Health care can easily become expensive, especially if your options are limited by geography or finances. Luckily, federally qualified health centers seek to fix this!

Health care can be expensive, especially if you don’t have a lot of provider options around you. If your financial and health care options are strained, there are plenty of solutions out there for you, but the trouble can be finding them. Not only can you rely on Medicare to help with health care costs if you’re eligible for enrollment, but you may also be able to enroll in Medicaid for further assistance. Of course, there are other programs out there designed to help those in need get the health care that’s right for them. Another of these programs allows a type of facility known as a federally qualified health center (FQHC). If you’re struggling financially and there’s an FQHC near you, this may be a solution to your health care concerns.

Much of the information in this article has been sourced directly from the Centers for Medicare & Medicaid Services (CMS) and the Health Resources & Services Administration (HRSA) Health Center Program site, unless linked elsewhere.

What is an FQHC?

An FQHC is a facility that provides a multitude of patient-centered, integrated health care services to underserved areas and needful patients. These services can range from routine health care and preventive care to substance abuse, mental health, and oral health care services. They often work hand in hand with Medicare and Medicaid and provide health care services in an affordable manner based on a sliding scale. To become certified as an FQHC, a health care facility must meet strict qualifications.

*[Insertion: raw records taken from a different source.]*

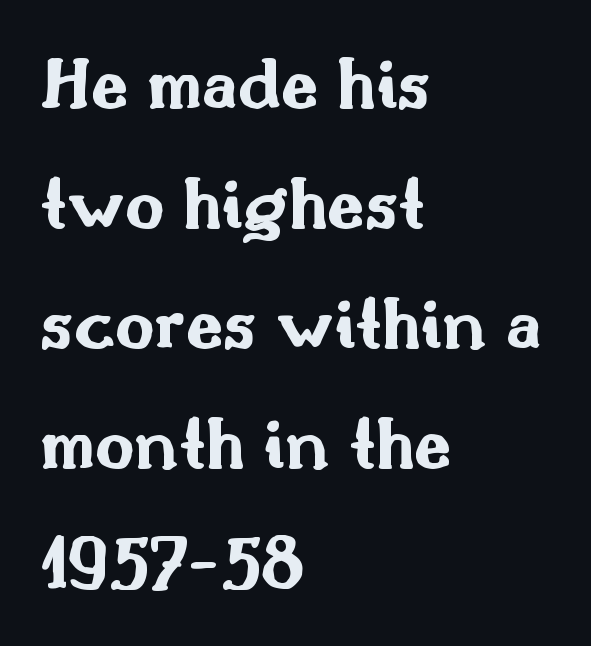
The image shows 76 px bold, wide sans-serif type, upright; set left-aligned, normal line spacing (1.58x), normal letter spacing, not underlined; medium stroke contrast and a small x-height.
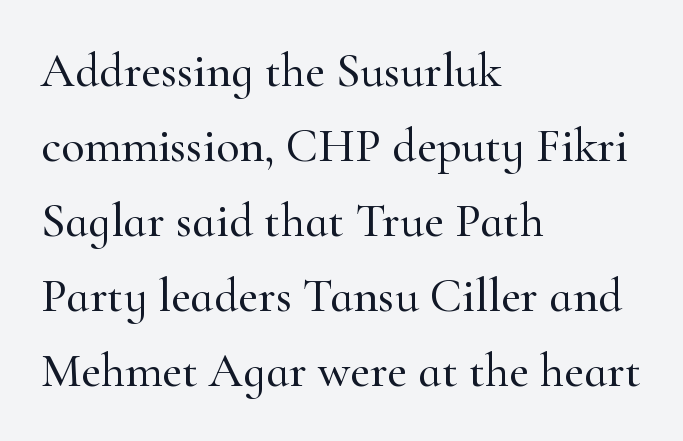
The image shows 48 px serif type, upright; set left-aligned, normal line spacing (1.56x), normal letter spacing, not underlined; high stroke contrast and a small x-height.
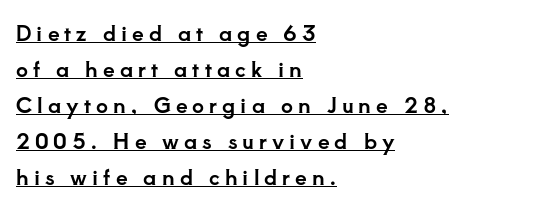
{"italic": "no", "underline": "yes", "align": "left", "line_spacing_ratio": 1.72, "letter_spacing": "wide", "letter_spacing_em": 0.24, "glyph_px": 21}
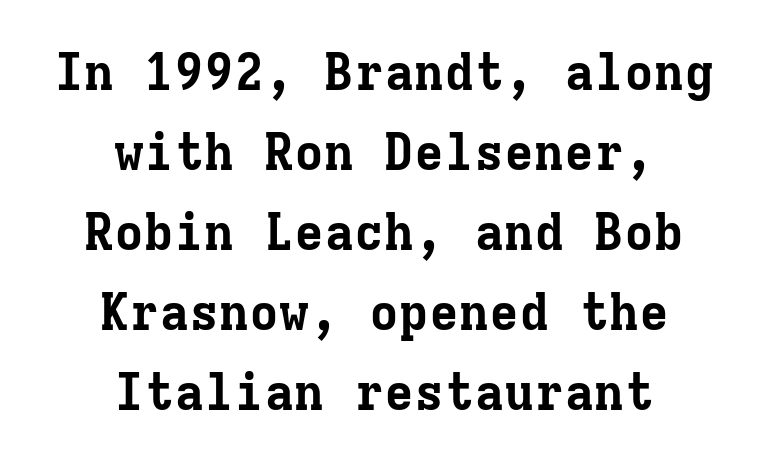
The image shows 50 px bold serif type, upright, monospaced; set centered, normal line spacing (1.6x), normal letter spacing, not underlined; low stroke contrast and a medium x-height.
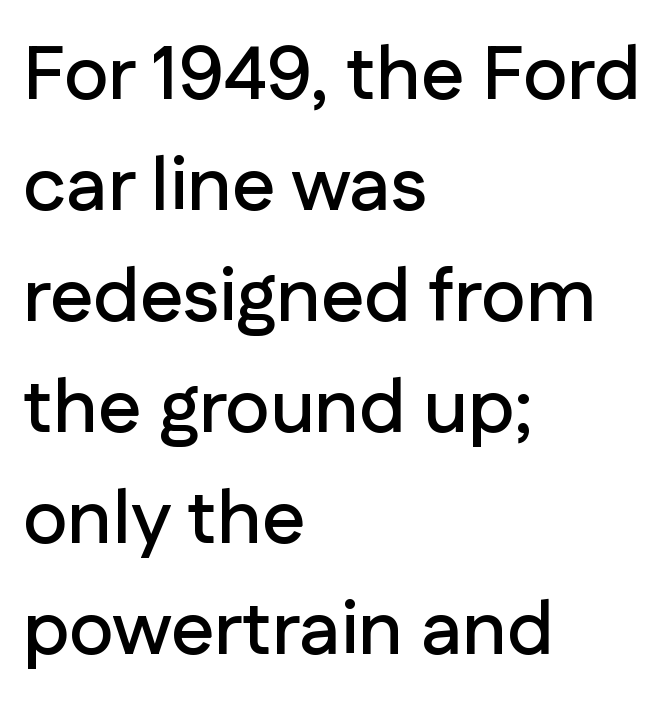
Q: Is the text italic (slanted)? A: No, it is upright.
Q: Is the typeface a serif or a sans-serif typeface? A: Sans-serif.
Q: Is the text underlined? A: No.
Q: How is the paragraph aligned? A: Left-aligned.
Q: Is the spacing between letters normal or unusually wide? A: Normal.
Q: Is the spacing between lines tight, normal or loose? A: Normal.
Q: Width (condensed, normal, or wide)? A: Normal.
Q: Stroke contrast? A: Low.
Q: x-height? A: Medium.
Q: Monospaced? A: No.
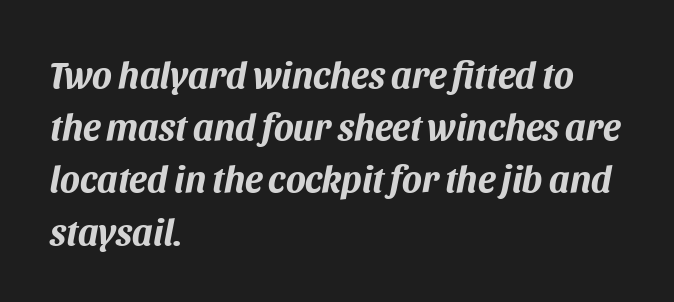
{"italic": "yes", "lean": "right", "slant_degrees": 11, "bold": "yes", "weight": "bold", "width": "normal", "stroke_contrast": "medium", "x_height": "large", "monospaced": "no", "underline": "no", "align": "left", "line_spacing": "normal", "line_spacing_ratio": 1.41, "letter_spacing": "normal", "letter_spacing_em": 0.0, "glyph_px": 37}
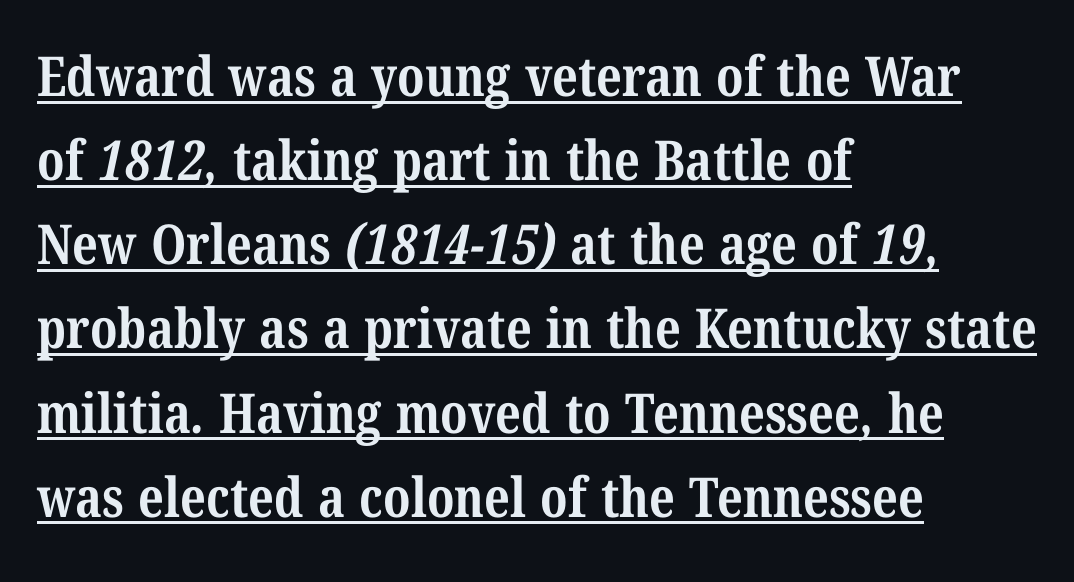
The image shows 55 px bold, condensed serif type; set left-aligned, normal line spacing (1.53x), normal letter spacing, underlined; medium stroke contrast and a medium x-height.
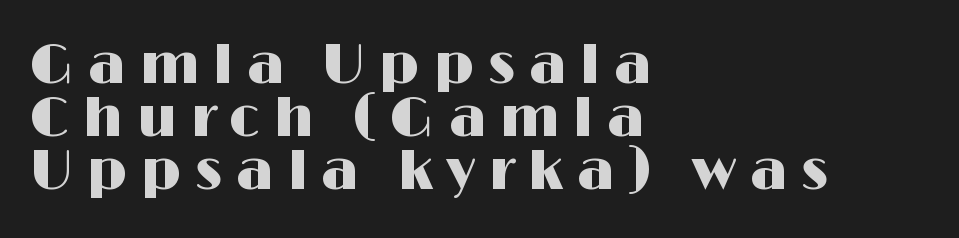
{"serif": "no", "italic": "no", "width": "wide", "stroke_contrast": "high", "x_height": "medium", "monospaced": "no", "underline": "no", "align": "left", "line_spacing": "tight", "line_spacing_ratio": 0.95, "letter_spacing": "wide", "letter_spacing_em": 0.23, "glyph_px": 56}
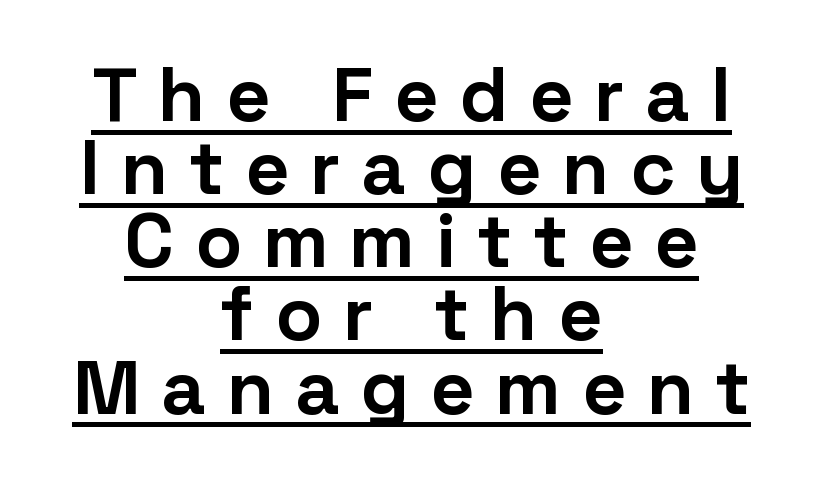
The image shows 77 px bold sans-serif type, upright; set centered, tight line spacing (0.95x), unusually wide letter spacing (+0.27 em), underlined; low stroke contrast and a medium x-height.
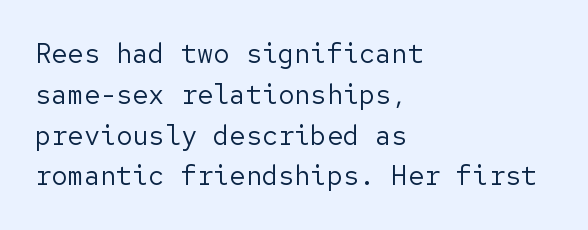
{"italic": "no", "bold": "no", "underline": "no", "align": "left", "line_spacing": "normal", "line_spacing_ratio": 1.51, "letter_spacing": "normal", "letter_spacing_em": 0.0, "glyph_px": 27}
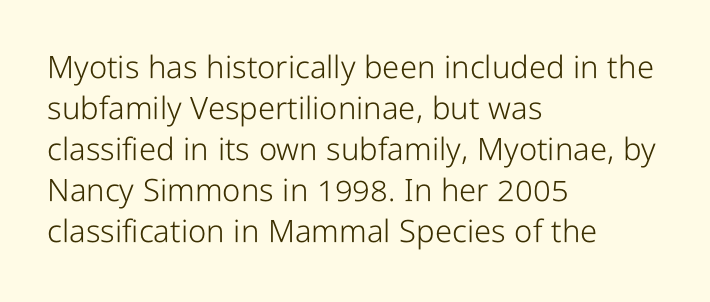
Q: Is the text bold? A: No.
Q: Is the text italic (slanted)? A: No, it is upright.
Q: Is the typeface a serif or a sans-serif typeface? A: Sans-serif.
Q: Is the text underlined? A: No.
Q: How is the paragraph aligned? A: Left-aligned.
Q: Is the spacing between letters normal or unusually wide? A: Normal.
Q: Is the spacing between lines tight, normal or loose? A: Normal.
Q: Width (condensed, normal, or wide)? A: Condensed.
Q: Stroke contrast? A: Low.
Q: x-height? A: Medium.
Q: Monospaced? A: No.
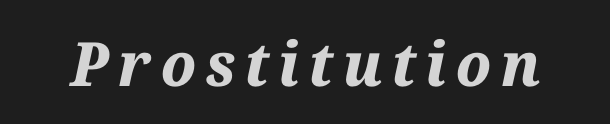
Would a proofreader flag this as italicized? Yes. A dark, heavy texture on the line: the type is bold. Descenders are the only things crossing below the line. Spacing verdict: proportional, widths tailored to each character.
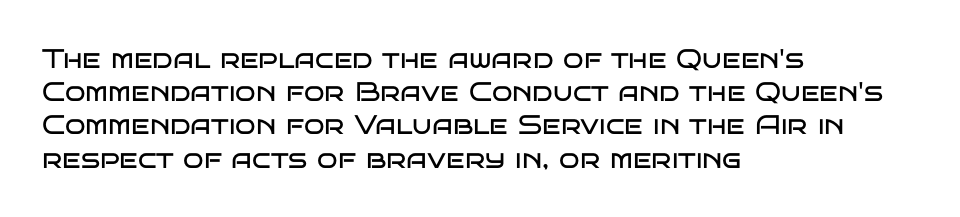
{"italic": "no", "bold": "no", "underline": "no", "align": "left", "line_spacing_ratio": 1.23, "letter_spacing": "normal", "letter_spacing_em": 0.0, "glyph_px": 27}
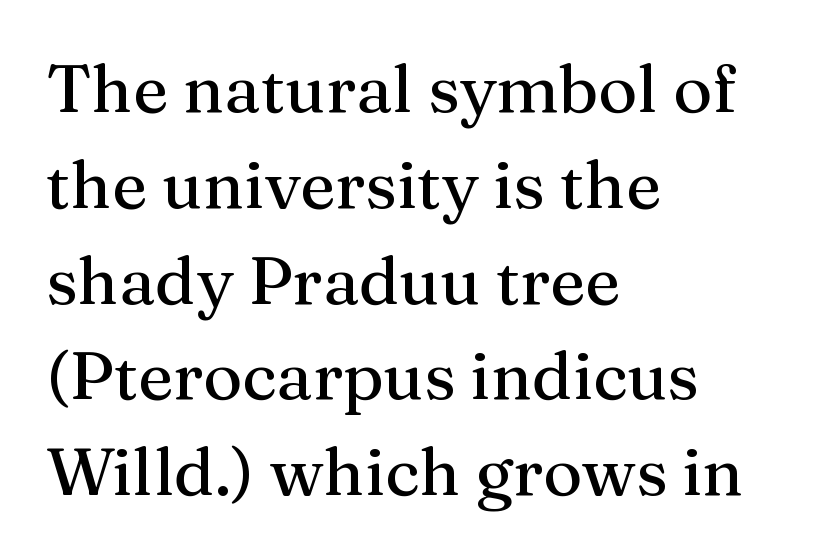
These lines are composed in type with serifs. These lines are set flush left with a ragged right edge. Observe the ordinary spacing: letters are neighbours, not strangers. Ordinary non-slanted type is in use. The letters advance in unequal steps, a hallmark of proportional type. Descenders hang freely into open space.
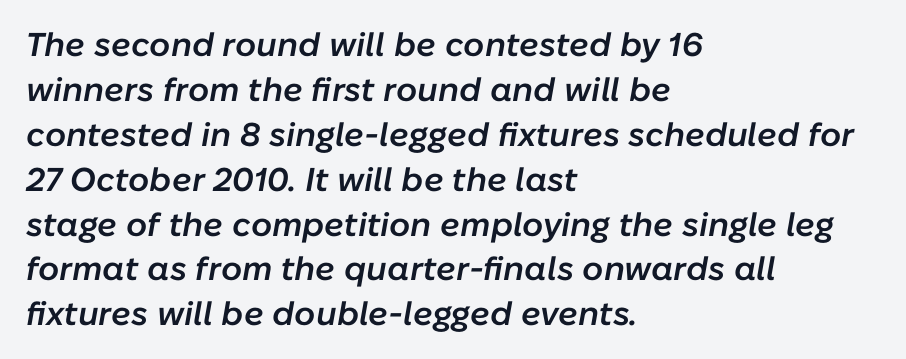
Is there much room between lines? A standard amount, neither cramped nor airy. The axis of the letterforms is tilted away from vertical. Tracking value appears to be zero — textbook default spacing. Is this a fixed-width face? No — the glyphs have proportional, varying widths.
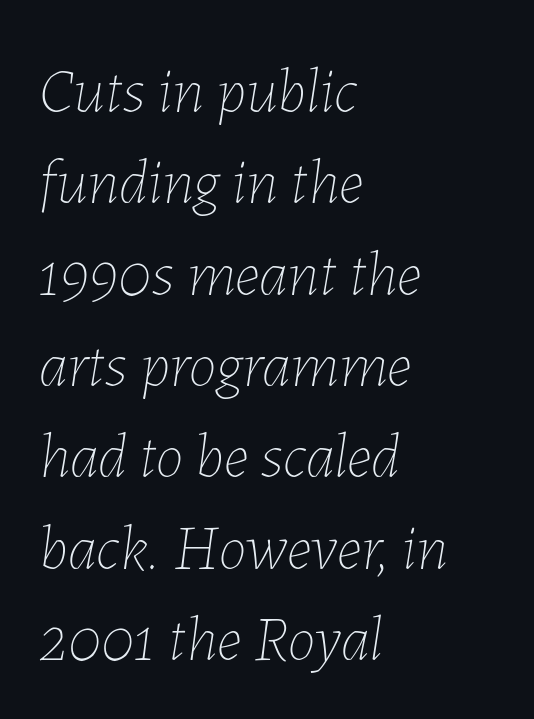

FQHC is a classification of many different types of facilities that allow a focus on affordability and care for the patients.

There also isn’t a single type of FQHC. Instead, it’s a classification of many different types of facilities that allow a focus on affordability and care for the patients. These can include community or migrant health centers, homeless health centers, public housing care centers, or outpatient health programs for tribe or tribal organizations. This allows FQHCs to operate in a geographically or culturally aware and patient-oriented manner.

How are FQHCs Certified?

There are two paths that a health care facility can take to register as an FQHC. The options entail applying through the HRSA’s website as a funded health care center or as a health care center program look-alike. To qualify, a health center must undergo strict compliance and regulatory checks to ensure they fit specific criteria. Generally, an FQHC must be a community-based entity that provides comprehensive and high-quality primary care and preventive services regardless of patients’ ability to pay. They must employ inter-professional teams with coordinated care and collaborate with other programs or providers to improve access to care and community resources.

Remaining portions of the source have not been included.